(AIM OF THE EXERCISE):
Transcribe word for word the lines below from the line with "#7316=LINE('',#19545,#9039);" through the line with "#16117=DIRECTION('',(0.,0.,1.));", ends included.

(Dataset items):
● ● ● ● ●
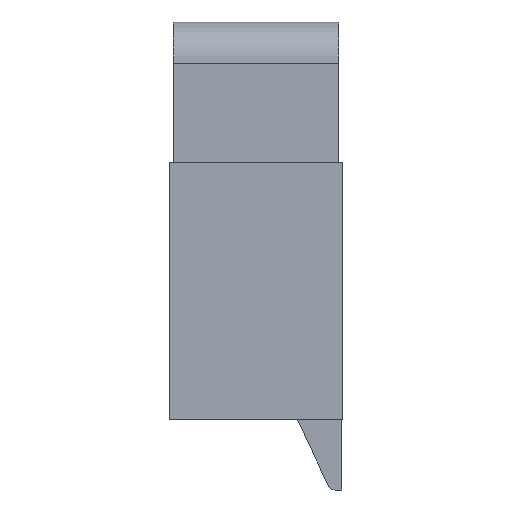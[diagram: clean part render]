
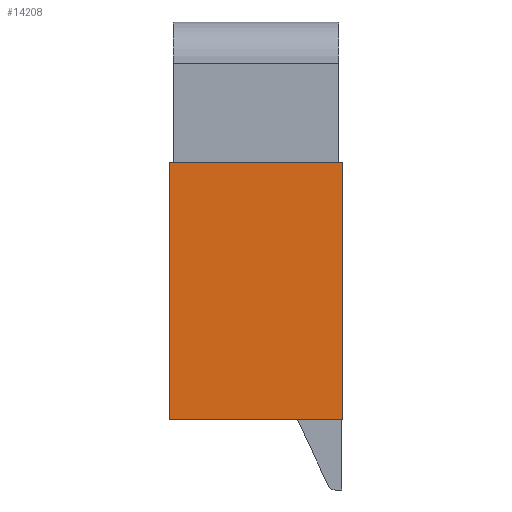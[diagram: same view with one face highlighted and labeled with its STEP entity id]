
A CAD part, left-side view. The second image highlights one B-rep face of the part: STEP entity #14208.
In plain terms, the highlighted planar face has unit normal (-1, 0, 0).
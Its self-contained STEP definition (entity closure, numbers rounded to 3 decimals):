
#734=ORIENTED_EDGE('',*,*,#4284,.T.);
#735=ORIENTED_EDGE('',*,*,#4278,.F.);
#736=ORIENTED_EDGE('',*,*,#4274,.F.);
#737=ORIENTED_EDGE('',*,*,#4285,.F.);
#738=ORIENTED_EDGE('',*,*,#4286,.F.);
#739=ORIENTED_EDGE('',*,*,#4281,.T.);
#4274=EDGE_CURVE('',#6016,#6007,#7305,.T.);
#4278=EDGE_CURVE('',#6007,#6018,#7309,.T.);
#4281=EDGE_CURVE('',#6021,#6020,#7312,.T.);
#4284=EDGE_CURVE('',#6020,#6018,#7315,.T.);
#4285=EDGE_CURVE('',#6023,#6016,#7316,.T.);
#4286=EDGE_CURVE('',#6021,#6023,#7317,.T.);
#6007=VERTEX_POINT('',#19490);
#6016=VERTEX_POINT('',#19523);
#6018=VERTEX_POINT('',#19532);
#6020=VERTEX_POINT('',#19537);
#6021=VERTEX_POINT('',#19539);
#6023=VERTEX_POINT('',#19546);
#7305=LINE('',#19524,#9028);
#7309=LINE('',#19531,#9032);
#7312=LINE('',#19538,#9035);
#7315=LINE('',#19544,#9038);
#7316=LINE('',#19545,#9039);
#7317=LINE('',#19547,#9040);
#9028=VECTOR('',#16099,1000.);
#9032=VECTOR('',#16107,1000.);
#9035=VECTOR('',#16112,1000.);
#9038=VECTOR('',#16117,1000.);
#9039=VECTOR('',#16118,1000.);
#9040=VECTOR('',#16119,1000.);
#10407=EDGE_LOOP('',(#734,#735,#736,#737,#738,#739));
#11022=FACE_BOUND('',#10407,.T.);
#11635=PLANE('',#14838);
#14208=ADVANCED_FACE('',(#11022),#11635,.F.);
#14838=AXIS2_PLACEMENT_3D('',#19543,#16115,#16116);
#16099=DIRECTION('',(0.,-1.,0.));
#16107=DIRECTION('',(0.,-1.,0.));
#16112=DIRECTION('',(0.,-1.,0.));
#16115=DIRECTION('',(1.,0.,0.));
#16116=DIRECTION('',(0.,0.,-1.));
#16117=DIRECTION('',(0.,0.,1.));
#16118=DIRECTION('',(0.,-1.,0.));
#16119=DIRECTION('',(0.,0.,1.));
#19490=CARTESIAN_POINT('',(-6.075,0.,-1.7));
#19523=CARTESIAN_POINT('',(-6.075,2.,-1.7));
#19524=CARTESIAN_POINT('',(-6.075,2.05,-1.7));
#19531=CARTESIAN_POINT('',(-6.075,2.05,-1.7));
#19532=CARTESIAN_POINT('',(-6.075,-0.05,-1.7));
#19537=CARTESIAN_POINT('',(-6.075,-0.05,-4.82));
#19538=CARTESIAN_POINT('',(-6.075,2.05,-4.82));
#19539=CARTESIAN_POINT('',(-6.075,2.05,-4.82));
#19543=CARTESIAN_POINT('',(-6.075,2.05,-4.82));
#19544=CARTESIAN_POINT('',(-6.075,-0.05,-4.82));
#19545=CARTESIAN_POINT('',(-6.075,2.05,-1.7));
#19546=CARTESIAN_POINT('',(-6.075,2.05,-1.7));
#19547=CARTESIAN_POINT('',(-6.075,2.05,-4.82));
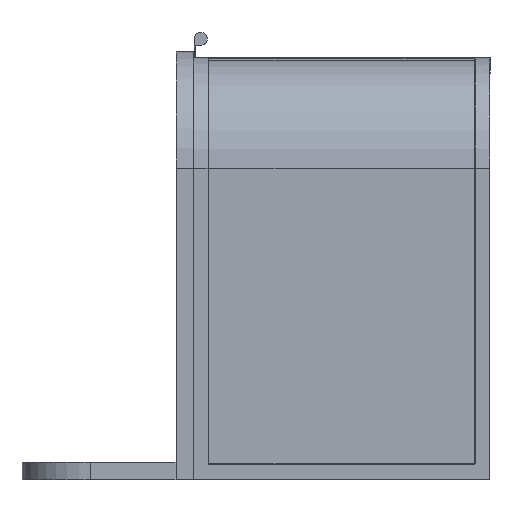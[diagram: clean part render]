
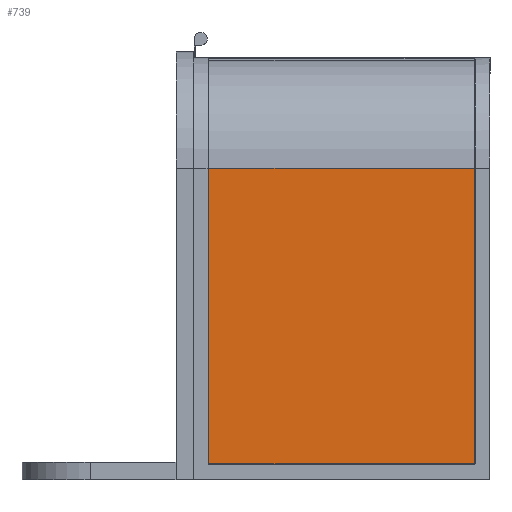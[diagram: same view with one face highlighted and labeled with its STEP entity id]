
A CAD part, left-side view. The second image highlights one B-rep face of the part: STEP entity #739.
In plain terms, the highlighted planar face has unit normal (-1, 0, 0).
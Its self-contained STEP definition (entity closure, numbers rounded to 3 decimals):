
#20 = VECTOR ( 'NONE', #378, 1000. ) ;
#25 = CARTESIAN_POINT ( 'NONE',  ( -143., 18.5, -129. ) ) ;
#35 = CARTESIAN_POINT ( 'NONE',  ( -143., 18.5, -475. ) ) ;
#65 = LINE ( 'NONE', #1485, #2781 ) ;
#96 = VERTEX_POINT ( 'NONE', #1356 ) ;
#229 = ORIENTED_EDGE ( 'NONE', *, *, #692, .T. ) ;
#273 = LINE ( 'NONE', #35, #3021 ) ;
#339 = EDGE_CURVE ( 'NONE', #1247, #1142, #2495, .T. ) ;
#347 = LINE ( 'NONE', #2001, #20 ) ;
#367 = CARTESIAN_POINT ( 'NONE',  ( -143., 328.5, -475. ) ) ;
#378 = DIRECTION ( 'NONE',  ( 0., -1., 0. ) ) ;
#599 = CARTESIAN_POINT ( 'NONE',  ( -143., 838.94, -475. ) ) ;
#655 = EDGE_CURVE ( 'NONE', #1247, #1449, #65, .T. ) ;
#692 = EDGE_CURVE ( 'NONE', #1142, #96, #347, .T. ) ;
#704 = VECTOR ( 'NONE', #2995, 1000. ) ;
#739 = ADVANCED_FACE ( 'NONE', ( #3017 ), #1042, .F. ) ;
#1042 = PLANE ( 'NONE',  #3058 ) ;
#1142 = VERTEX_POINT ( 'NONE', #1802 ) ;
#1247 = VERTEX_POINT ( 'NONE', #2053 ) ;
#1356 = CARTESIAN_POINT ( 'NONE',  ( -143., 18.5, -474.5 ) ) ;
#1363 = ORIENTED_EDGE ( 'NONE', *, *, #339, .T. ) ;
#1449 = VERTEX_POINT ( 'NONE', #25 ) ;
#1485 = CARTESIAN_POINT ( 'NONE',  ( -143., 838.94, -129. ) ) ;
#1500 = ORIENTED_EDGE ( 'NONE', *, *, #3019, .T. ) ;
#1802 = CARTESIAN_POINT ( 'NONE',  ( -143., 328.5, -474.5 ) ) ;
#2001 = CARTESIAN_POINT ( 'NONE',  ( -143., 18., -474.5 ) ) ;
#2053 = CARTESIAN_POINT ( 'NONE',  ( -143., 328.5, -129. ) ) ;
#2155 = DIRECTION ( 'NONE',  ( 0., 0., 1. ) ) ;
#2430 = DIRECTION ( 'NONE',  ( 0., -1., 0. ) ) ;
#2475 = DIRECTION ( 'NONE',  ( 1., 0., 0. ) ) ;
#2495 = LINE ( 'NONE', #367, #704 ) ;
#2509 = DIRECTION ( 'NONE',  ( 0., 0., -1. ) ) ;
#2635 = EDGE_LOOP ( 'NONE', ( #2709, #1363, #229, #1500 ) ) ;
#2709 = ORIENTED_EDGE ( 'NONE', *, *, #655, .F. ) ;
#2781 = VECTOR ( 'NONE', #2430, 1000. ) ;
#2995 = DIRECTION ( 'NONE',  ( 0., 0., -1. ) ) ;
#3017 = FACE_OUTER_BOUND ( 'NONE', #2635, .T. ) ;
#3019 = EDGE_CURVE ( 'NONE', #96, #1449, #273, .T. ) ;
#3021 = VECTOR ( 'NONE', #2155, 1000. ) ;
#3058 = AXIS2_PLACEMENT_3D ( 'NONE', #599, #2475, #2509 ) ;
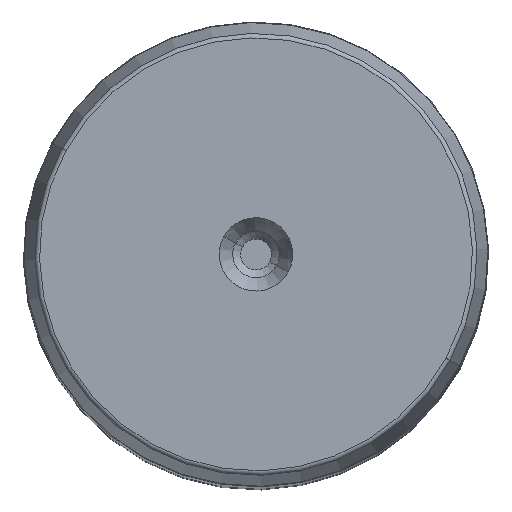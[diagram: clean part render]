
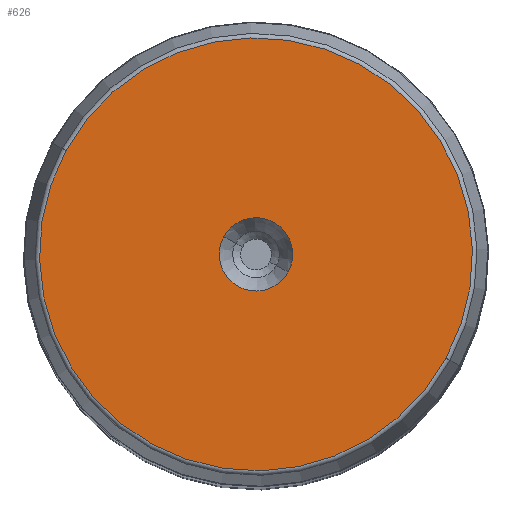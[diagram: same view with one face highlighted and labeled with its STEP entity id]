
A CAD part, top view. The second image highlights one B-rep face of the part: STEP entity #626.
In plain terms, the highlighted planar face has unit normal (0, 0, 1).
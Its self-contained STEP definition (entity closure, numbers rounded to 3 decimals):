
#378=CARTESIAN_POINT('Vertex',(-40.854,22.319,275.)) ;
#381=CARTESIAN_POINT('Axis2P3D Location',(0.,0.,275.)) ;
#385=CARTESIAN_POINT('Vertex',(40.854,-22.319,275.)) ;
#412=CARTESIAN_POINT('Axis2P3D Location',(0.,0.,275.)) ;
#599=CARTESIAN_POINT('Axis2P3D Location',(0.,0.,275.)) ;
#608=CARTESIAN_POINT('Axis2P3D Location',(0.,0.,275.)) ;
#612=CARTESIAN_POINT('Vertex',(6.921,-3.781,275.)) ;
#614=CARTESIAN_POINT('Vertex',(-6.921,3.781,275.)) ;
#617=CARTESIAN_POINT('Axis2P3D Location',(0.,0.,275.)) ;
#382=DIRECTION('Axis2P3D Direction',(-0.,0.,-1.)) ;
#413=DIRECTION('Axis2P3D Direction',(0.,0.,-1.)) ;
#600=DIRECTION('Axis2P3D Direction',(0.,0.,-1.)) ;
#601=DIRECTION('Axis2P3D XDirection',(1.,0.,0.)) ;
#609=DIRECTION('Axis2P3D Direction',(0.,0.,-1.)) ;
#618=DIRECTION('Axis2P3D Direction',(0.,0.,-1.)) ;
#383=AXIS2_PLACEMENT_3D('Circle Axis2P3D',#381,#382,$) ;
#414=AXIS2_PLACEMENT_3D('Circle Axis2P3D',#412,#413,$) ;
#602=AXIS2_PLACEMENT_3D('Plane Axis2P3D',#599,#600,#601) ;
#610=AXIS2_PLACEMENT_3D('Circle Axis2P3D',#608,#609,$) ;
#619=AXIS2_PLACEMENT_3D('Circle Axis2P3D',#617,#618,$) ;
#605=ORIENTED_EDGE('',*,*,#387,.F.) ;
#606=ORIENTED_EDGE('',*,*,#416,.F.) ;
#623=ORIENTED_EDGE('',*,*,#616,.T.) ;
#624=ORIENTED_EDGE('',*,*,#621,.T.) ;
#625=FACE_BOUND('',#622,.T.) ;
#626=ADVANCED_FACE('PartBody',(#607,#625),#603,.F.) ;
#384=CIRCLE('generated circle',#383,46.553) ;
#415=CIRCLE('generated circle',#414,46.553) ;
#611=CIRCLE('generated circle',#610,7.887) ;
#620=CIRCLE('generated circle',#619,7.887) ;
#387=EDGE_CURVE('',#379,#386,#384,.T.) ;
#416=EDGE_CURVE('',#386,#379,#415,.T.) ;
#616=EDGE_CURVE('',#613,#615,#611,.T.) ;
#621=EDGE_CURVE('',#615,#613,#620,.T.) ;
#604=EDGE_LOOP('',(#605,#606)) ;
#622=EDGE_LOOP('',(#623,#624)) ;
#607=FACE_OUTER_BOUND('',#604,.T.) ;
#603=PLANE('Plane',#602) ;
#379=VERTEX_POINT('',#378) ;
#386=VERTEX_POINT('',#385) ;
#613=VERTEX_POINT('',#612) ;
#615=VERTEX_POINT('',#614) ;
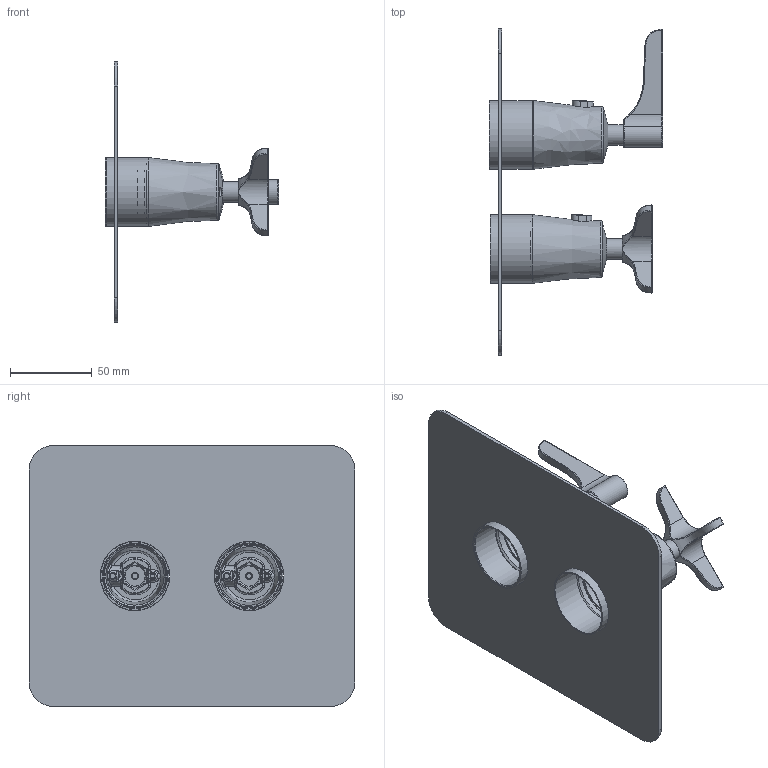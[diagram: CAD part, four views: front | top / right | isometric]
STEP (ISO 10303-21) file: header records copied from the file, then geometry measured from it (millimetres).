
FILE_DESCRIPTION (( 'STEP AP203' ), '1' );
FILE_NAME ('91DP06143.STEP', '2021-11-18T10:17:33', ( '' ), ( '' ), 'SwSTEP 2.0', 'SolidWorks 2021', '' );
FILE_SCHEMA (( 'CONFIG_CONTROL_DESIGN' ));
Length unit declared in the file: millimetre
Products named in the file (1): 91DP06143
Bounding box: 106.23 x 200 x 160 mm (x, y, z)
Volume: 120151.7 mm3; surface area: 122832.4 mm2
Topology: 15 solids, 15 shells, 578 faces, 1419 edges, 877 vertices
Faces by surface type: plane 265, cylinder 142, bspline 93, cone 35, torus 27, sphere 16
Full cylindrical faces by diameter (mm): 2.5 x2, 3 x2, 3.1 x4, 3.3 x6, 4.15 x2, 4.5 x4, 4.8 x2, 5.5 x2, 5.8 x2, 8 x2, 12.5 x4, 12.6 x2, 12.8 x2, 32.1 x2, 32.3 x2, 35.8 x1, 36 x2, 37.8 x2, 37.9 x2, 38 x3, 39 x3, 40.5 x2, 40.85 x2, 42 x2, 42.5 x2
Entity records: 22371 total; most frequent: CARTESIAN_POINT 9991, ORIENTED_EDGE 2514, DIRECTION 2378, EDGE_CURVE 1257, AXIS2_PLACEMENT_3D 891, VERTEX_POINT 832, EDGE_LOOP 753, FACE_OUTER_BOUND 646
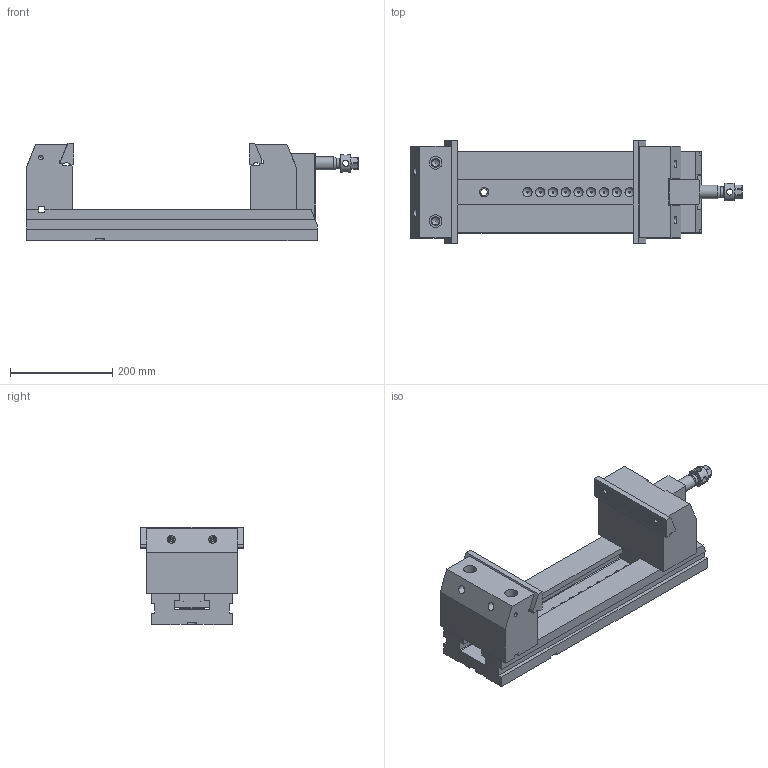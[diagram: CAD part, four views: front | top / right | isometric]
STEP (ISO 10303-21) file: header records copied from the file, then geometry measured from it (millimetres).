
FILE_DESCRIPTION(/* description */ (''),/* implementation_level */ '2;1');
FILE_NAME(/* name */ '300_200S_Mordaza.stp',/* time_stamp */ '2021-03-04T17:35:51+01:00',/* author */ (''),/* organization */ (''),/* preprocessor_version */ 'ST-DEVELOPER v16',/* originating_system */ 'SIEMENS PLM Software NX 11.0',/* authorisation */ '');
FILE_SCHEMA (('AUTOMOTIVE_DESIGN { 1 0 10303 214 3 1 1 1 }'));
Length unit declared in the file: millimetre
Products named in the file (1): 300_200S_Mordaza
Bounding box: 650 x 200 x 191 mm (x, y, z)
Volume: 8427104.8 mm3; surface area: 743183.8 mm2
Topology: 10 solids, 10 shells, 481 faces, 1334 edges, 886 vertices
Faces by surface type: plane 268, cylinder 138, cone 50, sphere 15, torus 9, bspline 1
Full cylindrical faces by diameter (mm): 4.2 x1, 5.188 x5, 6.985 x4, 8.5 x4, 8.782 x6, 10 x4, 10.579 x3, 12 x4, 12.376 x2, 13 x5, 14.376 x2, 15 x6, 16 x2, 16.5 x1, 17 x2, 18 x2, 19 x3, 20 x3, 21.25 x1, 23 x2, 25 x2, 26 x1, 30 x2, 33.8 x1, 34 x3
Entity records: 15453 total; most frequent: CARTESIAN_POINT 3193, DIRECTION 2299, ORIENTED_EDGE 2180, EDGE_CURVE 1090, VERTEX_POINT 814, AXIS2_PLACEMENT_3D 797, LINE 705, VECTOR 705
● ● ● ● ●
(EXERCISE SOLUTION):
#7316=LINE('',#19545,#9039);
#7317=LINE('',#19547,#9040);
#9028=VECTOR('',#16099,1000.);
#9032=VECTOR('',#16107,1000.);
#9035=VECTOR('',#16112,1000.);
#9038=VECTOR('',#16117,1000.);
#9039=VECTOR('',#16118,1000.);
#9040=VECTOR('',#16119,1000.);
#10407=EDGE_LOOP('',(#734,#735,#736,#737,#738,#739));
#11022=FACE_BOUND('',#10407,.T.);
#11635=PLANE('',#14838);
#14208=ADVANCED_FACE('',(#11022),#11635,.F.);
#14838=AXIS2_PLACEMENT_3D('',#19543,#16115,#16116);
#16099=DIRECTION('',(0.,-1.,0.));
#16107=DIRECTION('',(0.,-1.,0.));
#16112=DIRECTION('',(0.,-1.,0.));
#16115=DIRECTION('',(1.,0.,0.));
#16116=DIRECTION('',(0.,0.,-1.));
#16117=DIRECTION('',(0.,0.,1.));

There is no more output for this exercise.